Note: Standard errors are reported in parentheses. ***, **, and * indicate significance at the statistical levels of 1%, 5%, and 10%, respectively.

presents the results of the benchmark regression analysis. Column (1) shows the regression results considering year-, province-, and industry-fixed effects. Referring to the three-step verification method for inverted U-shaped relationships in Haans et al. (2016) [61], first, the sprawl coefficients exhibit a positive and significant relationship, while the sprawl² coefficients show a negative and significant relationship. This supports Hypothesis 1, regarding the existence of an inverted U-shaped curve. Second, the estimated slopes for the minimum and maximum values of urban sprawl are 1.6133 and −3.3563, respectively, indicating steeper curves at the two ends. The 95% confidence interval of −β1/2β2, which is [0.4080, 0.5191], falls between the minimum and maximum values of urban sprawl. Obviously, the regression results have been tested in three steps to verify Hypothesis 1 (i.e., urban sprawl exhibits an inverted U-shaped relationship with enterprise innovation). Moderate levels of urban sprawl promote enterprise innovation by concentrating factors in suburban areas, such as emerging industrial parks. However, excessive urban sprawl leads to inefficient resource allocation, hindering enterprise innovation. Columns (2) and (3) include additional control variables at the city level and enterprise level, respectively. Notably, the conclusion remains robust across these specifications.

5.1.2. Urban Sprawl, Regional Integration, and Enterprise Innovation

The movement of the inflection point is often used to determine the moderating effect of a U-shaped curve (Haans et al., 2016) [60]. We divided the samples into high and low groups based on the average level of regional integration and conducted a grouped regression on the model. As shown in columns (4) and (5) in Table 3, when the degree of regional integration is above the average, the innovation level of enterprises reaches its peak at an urban sprawl level of 0.4799. Conversely, when the degree of regional integration is below the average, this peak is reached at an urban sprawl level of 0.4391. Compared with the lower integration level, the inflection point of the U-shaped curve arrives later under a higher integration level. As shown in Figure 7, when the degree of regional integration is higher, the peak of the promotive effect of urban sprawl on enterprise innovation is reached later. Thus, Hypothesis 2 is confirmed: the degree of regional integration positively moderates the inverted U-shaped relationship between urban sprawl and enterprise innovation.

5.2. Robustness Checks

5.2.1. Two-Stage Least-Squares Regression

There is a potential issue of reverse causality between urban sprawl and enterprise innovation, which can result in biased estimates in the OLS analysis. Urban sprawl has the potential to affect enterprise innovation by influencing factors such as utilization efficiency and productivity. Conversely, more innovative and dynamic enterprises may strategically establish industrial parks or branch offices on the outskirts of cities, thereby contributing to urban sprawl. To address the endogeneity problem arising from this two-way causality, this study employs two-stage least-squares (2SLS) regression. The instrumental variables include the cross-multiplier of terrain undulation with the two-period-lagged rebar price index, the cross-multiplier of slope with the two-period-lagged aluminum price, the one-period-lagged urban sprawl index, and the one-period-lagged square of the urban sprawl index.

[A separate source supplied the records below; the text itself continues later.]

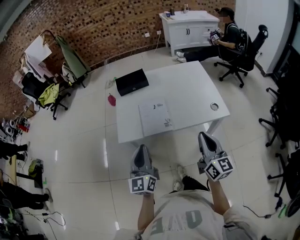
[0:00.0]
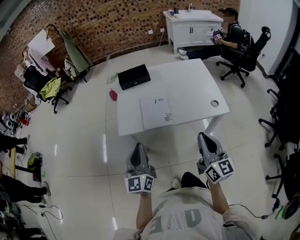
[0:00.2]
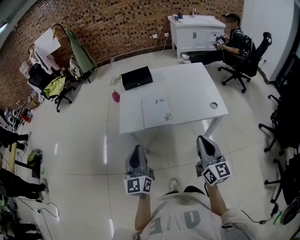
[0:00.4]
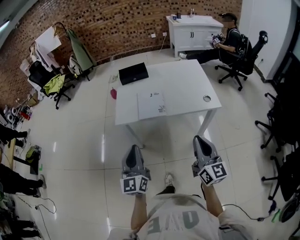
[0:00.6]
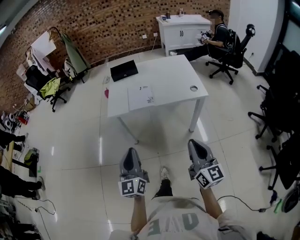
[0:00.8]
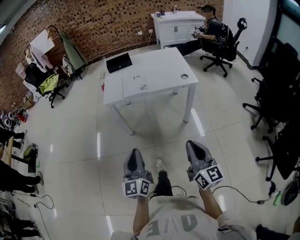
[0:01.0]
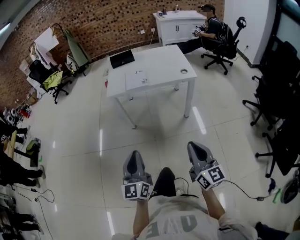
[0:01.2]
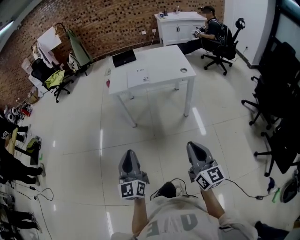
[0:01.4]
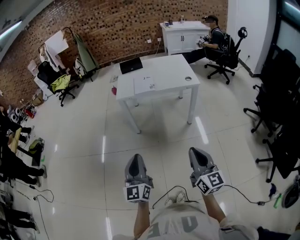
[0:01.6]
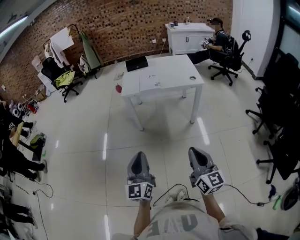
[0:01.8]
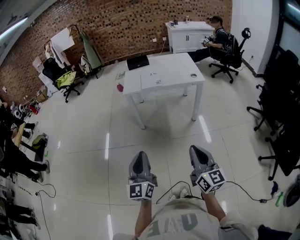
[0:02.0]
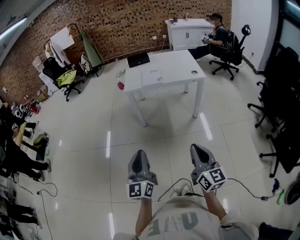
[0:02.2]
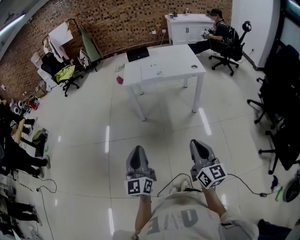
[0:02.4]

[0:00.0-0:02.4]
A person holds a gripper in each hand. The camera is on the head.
0:00.0 to 0:01.2: Both grippers are carried backward, roughly 40 cm.
0:01.2 to 0:02.4: The grippers both shift backward and to the left by approximately 15 cm.

The selection of the cross-multiplier term between the degree of terrain undulation and the rebar price index (The data on terrain undulation are from the China Terrain Undulation Kilometer Grid dataset (You et al., 2018) [62], and the data on the rebar price index are from the Choice Financial Terminal database.) with a two-period lag is based on the following rationale. First, the degree of terrain undulation and rebar price are positively correlated with urban sprawl. Due to geographical constraints, regions with high terrain undulation tend to have lower population densities, but the levels of urban sprawl are higher. Additionally, Curci (2015) demonstrated that building height is positively associated with steel usage [12]. However, higher rebar prices lead to a reduction in steel usage, resulting in decreased building height and accelerated urban sprawl. Second, the degree of terrain relief and the rebar price index are not directly correlated with enterprise innovation.

The reasons for selecting the cross-multiplier between slope and a two-period lag of aluminum price (The average slope data are based on the digital elevation data of the ASTER Global Digital Elevation Model V003 developed by NASA, which is obtained by using ArcGIS for slope calculation. The aluminium price data are obtained from the aluminium futures settlement price of the CEEI Shanghai Futures Exchange.) are as follows. First, a higher slope is associated with lower population density, and lower population density is positively correlated with urban sprawl. When the price of aluminum rises, the cost of constructing high-rise buildings increases, leading to a decrease in high-rise buildings and a subsequent promotion of urban sprawl. Second, there is no direct correlation between slope, aluminum price, and enterprise innovation.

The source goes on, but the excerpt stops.